YHaooo-4508 commented 1 month ago

why do you do this? joints_36_world += root_coord

In smpl_model() , the obtained vertices and keypoints are relative to the root point I don't know if smpl_data is aligned with the world coordinate system of the h36m dataset, so when processing smpl data, I subtracted the smpl_root_coordinate.

vertices = vertices - joints_from_verts_h36m[:, self.root_idx_17, :].unsqueeze(1).detach()
joints = joints - joints[:, self.root_idx_smpl, :].unsqueeze(1).detach()
joints_from_verts_h36m = joints_from_verts_h36m - joints_from_verts_h36m[:, self.root_idx_17, :].unsqueeze(1).detach()

So In joints_36_world += root_coord, joints_36_world is relative to the root_smpl_point,root_coord is from Human36M_subject1_data.json, the cam_param is from Human36M_subject1_camera.json

I want to extract the keypoint coordinates from SMPL data and use cam_parameters to get keypoint_cam and keypoint_img.

mks0601 commented 1 month ago

If you're using my json files, first, forward everything including pose/shape/trans to smpl layer. This gives world coordinates. Then, apply camera extrinsics to obtain camera coordinates.

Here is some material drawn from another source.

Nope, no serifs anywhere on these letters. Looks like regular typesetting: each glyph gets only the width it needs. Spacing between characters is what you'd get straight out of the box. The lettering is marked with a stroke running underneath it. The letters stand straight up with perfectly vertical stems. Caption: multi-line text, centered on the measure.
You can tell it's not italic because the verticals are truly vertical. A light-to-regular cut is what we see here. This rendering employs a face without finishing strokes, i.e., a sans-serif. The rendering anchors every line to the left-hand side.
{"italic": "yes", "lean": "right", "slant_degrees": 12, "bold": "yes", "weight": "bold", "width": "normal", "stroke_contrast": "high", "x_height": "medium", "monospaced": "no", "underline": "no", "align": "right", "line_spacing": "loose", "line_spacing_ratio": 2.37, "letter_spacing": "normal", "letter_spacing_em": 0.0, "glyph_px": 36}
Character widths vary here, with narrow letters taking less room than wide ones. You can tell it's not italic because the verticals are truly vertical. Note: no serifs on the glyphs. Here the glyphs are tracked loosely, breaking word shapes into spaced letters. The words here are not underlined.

YHaooo-4508 commented 1 month ago

If you're using my json files, first, forward everything including pose/shape/trans to smpl layer. This gives world coordinates. Then, apply camera extrinsics to obtain camera coordinates.

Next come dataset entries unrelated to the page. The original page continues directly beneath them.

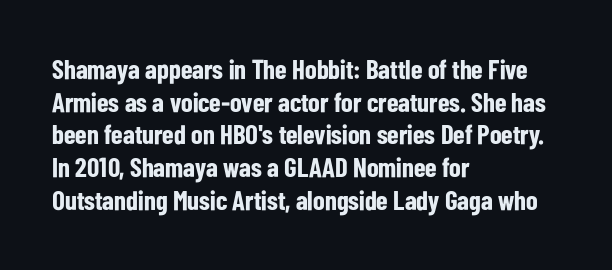
The image shows 27 px bold type, upright; set left-aligned, line spacing 1.21x, normal letter spacing, not underlined.
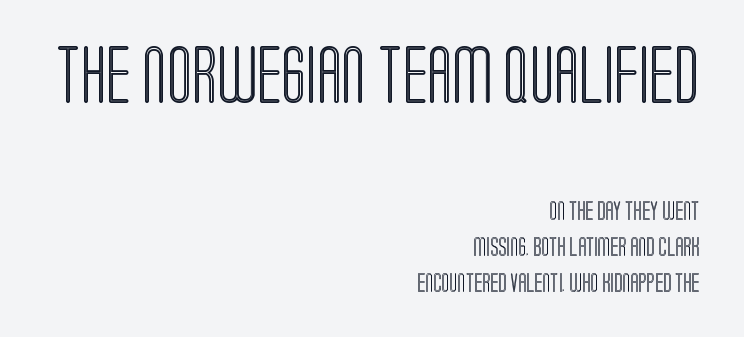
The image shows 58 px condensed type, upright; set right-aligned, line spacing 1.88x, normal letter spacing, not underlined; the first (top) block is 3.05x larger; a large x-height.
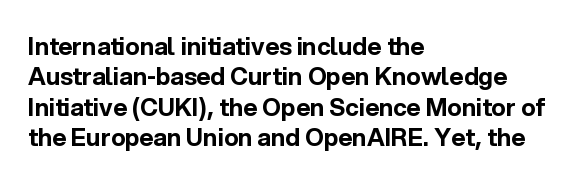
The glyphs are unaccompanied by any horizontal stroke below them. The leading is moderate, giving the passage an even texture. Left-aligned paragraph, ragged on the right. A full-strength bold gives these letters their thick strokes. This sample uses an upright cut, with every glyph sitting square on the baseline.
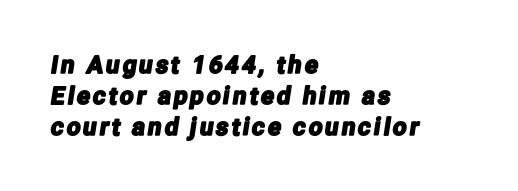
Q: Is the text underlined? A: No.
Q: How is the paragraph aligned? A: Left-aligned.
Q: Is the spacing between lines tight, normal or loose? A: Normal.

I did it according to your requirements, but also got a wrong camera coordinates: [-514.82013,4447.08887,1112.78088] my smpl_forward() is as follows:

    def forward(self,
                pose_axis_angle,
                betas,
                global_orient,
                transl=None,
                return_verts=True):

        if global_orient is not None:
            full_pose = torch.cat([global_orient, pose_axis_angle], dim=1)
        else:
            full_pose = pose_axis_angle

        # Translate thetas to rotation matrics
        pose2rot = True
        # vertices: (B, N, 3), joints: (B, K, 3)
        vertices, joints, rot_mats, joints_from_verts_h36m = lbs(betas, full_pose, self.v_template,
                                                                 self.shapedirs, self.posedirs,
                                                                 self.J_regressor, self.J_regressor_h36m, self.parents,
                                                                 self.lbs_weights, pose2rot=pose2rot, dtype=self.dtype)

        if transl is not None:
            # apply translations
            joints += transl.unsqueeze(dim=1)
            vertices += transl.unsqueeze(dim=1)
            joints_from_verts_h36m += transl.unsqueeze(dim=1)
        else:
            vertices = vertices - joints_from_verts_h36m[:, self.root_idx_17, :].unsqueeze(1).detach()
            joints = joints - joints[:, self.root_idx_smpl, :].unsqueeze(1).detach()
            joints_from_verts_h36m = joints_from_verts_h36m - joints_from_verts_h36m[:, self.root_idx_17, :].unsqueeze(1).detach()

        output = ModelOutput(
            vertices=vertices, joints=joints, rot_mats=rot_mats, joints_from_verts=joints_from_verts_h36m)
        return output

The world2cam() is:

def world2cam(world_coord, R, T):
    cam_coord = np.dot(R, world_coord - T)
    return cam_coord

Is there anything wrong with these two steps?

mks0601 commented 1 month ago

your world2cam is wrong. cam_coord = np.dot(R, world_coord) + T is the right one.

YHaooo-4508 commented 1 month ago

your world2cam is wrong. cam_coord = np.dot(R, world_coord) + T is the right one.

Thank you for your correction, I did 2D visualization and it is indeed this issue. The 2D_vis_img is as follows:

image

It can be seen that the body points are relatively accurate, but the points on the face and feet are not very accurate. Can using SMPLX make the points on the face and feet more precise?

mks0601 commented 1 month ago

I don't think so. SMPL/SMPL-X fitting of Human3.6M is done by fitting respective models to 3D keypoints of Human3.6M, where the 3D keypoints of Human3.6M are from markers attached to the subjects. The markers sparsely provide body keypoints without feet and face.

YHaooo-4508 commented 1 month ago

Thank you for your patient answer, it has been of great help to me!